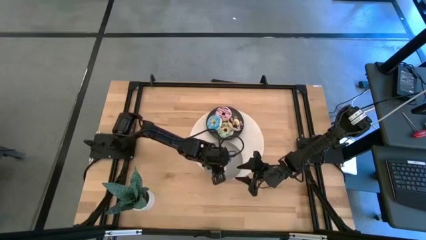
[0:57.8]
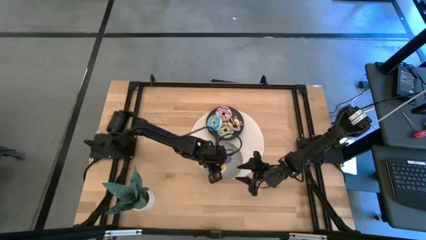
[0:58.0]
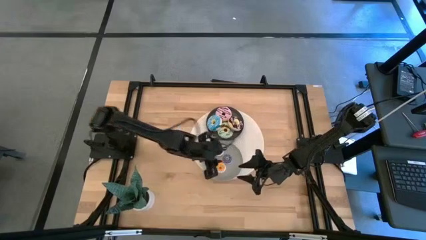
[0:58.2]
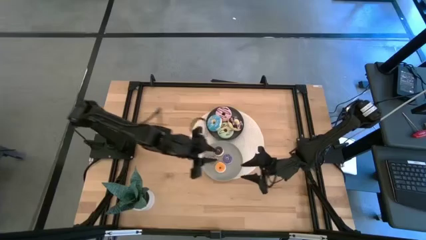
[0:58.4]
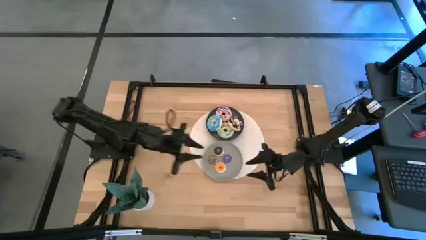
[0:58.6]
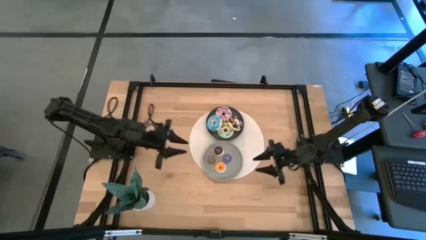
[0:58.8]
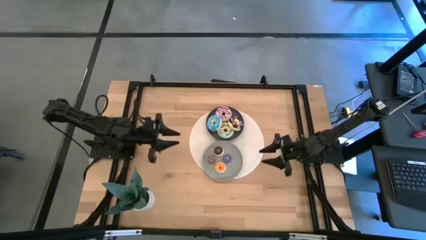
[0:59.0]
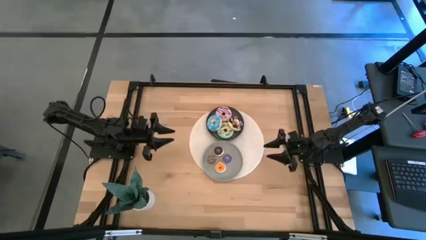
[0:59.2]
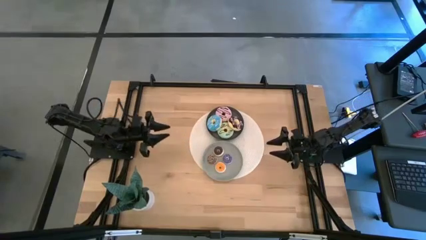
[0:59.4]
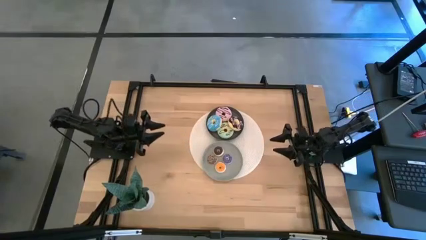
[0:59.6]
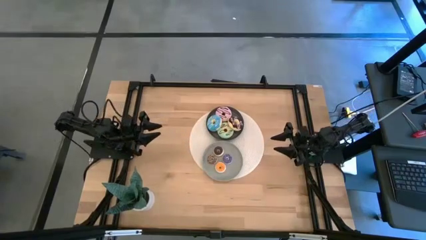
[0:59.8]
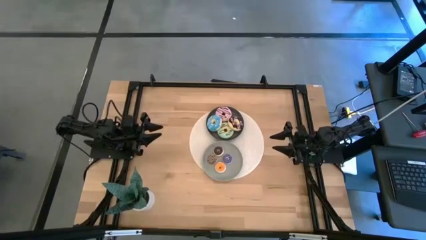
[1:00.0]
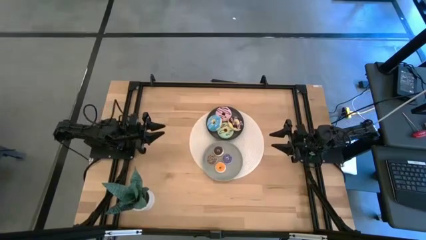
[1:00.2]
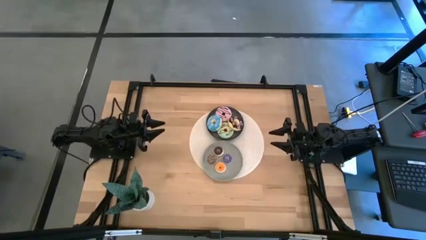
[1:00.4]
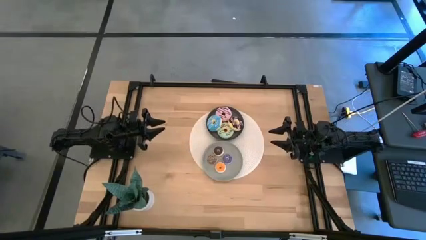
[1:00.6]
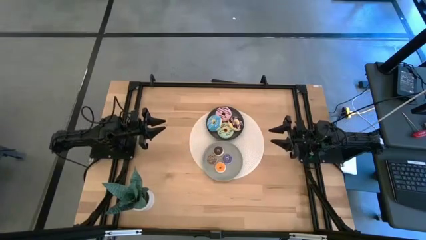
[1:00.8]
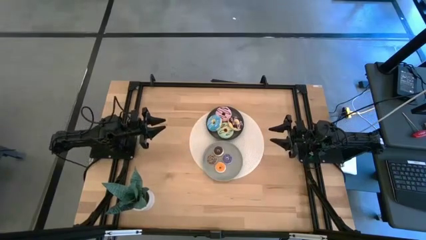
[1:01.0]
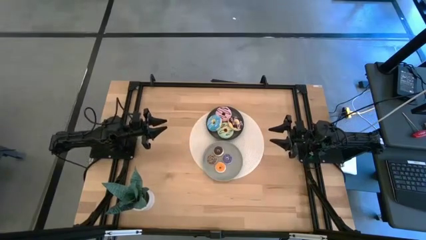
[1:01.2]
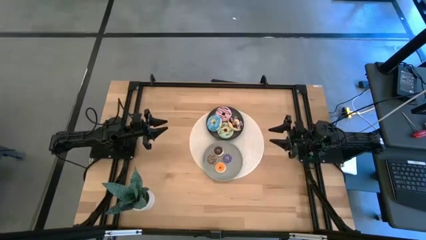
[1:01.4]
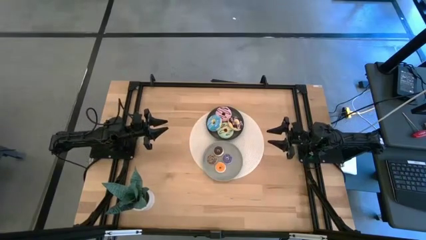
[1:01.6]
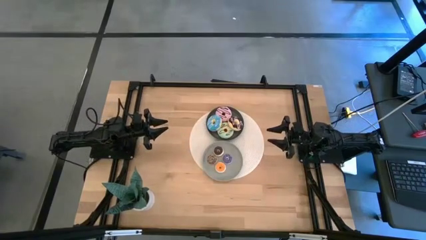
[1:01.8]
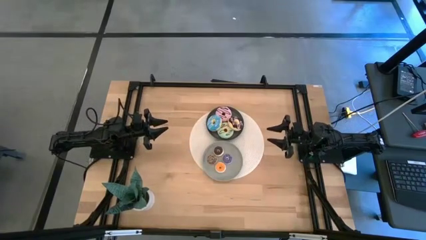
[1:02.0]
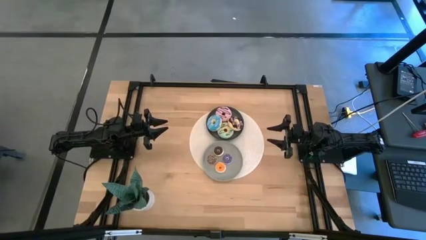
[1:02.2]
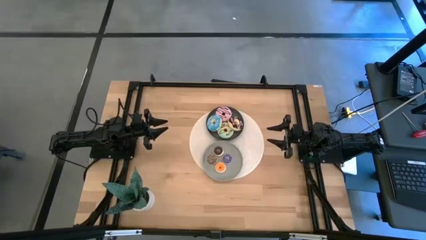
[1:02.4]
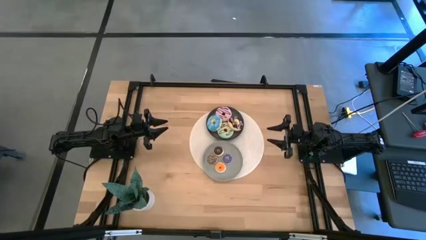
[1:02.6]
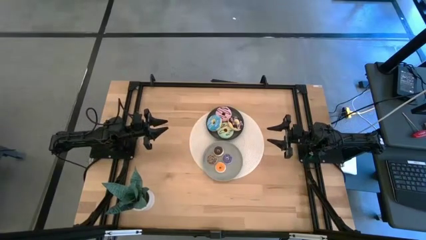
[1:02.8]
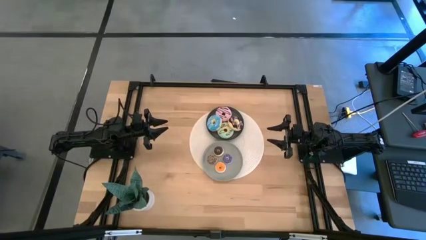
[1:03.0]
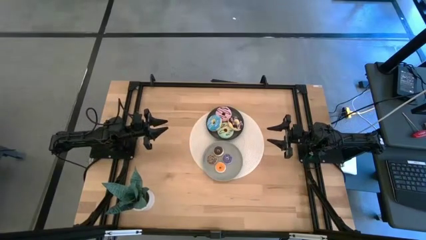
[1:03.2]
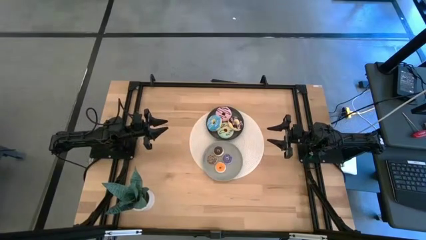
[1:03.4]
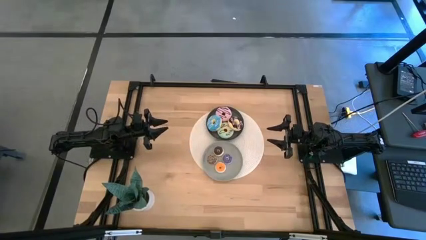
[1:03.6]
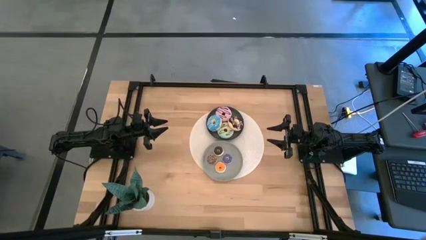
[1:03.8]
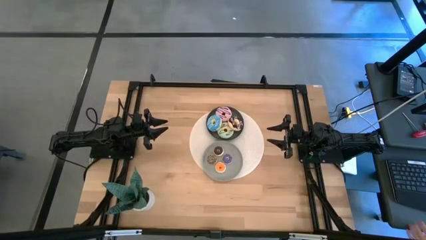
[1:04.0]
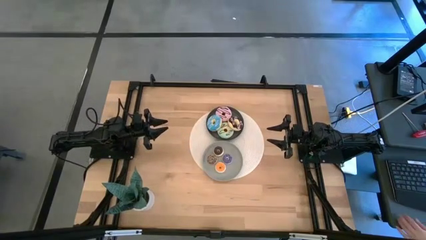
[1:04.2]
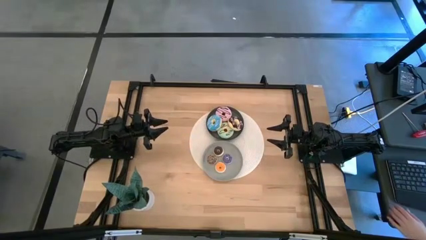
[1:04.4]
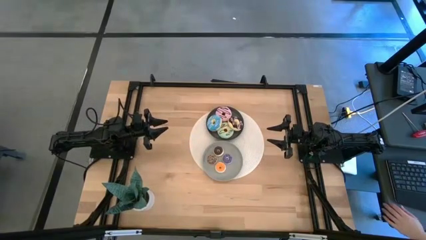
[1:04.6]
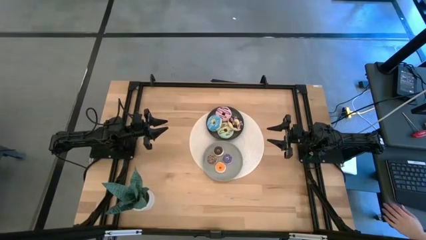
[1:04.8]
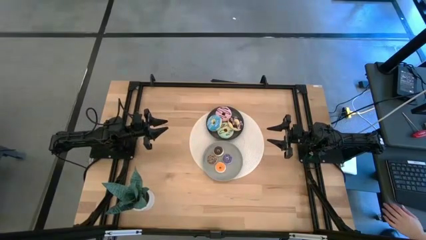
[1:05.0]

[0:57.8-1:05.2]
Task: Pick & Place donuts
Return to Home Position

TASK OBJECTIVE » From the first line to the last, copy the listing above exactly and leave out the images.

REPLY »
[0:57.8]
[0:58.0]
[0:58.2]
[0:58.4]
[0:58.6]
[0:58.8]
[0:59.0]
[0:59.2]
[0:59.4]
[0:59.6]
[0:59.8]
[1:00.0]
[1:00.2]
[1:00.4]
[1:00.6]
[1:00.8]
[1:01.0]
[1:01.2]
[1:01.4]
[1:01.6]
[1:01.8]
[1:02.0]
[1:02.2]
[1:02.4]
[1:02.6]
[1:02.8]
[1:03.0]
[1:03.2]
[1:03.4]
[1:03.6]
[1:03.8]
[1:04.0]
[1:04.2]
[1:04.4]
[1:04.6]
[1:04.8]
[1:05.0]

[0:57.8-1:05.2]
Task: Pick & Place donuts
Return to Home Position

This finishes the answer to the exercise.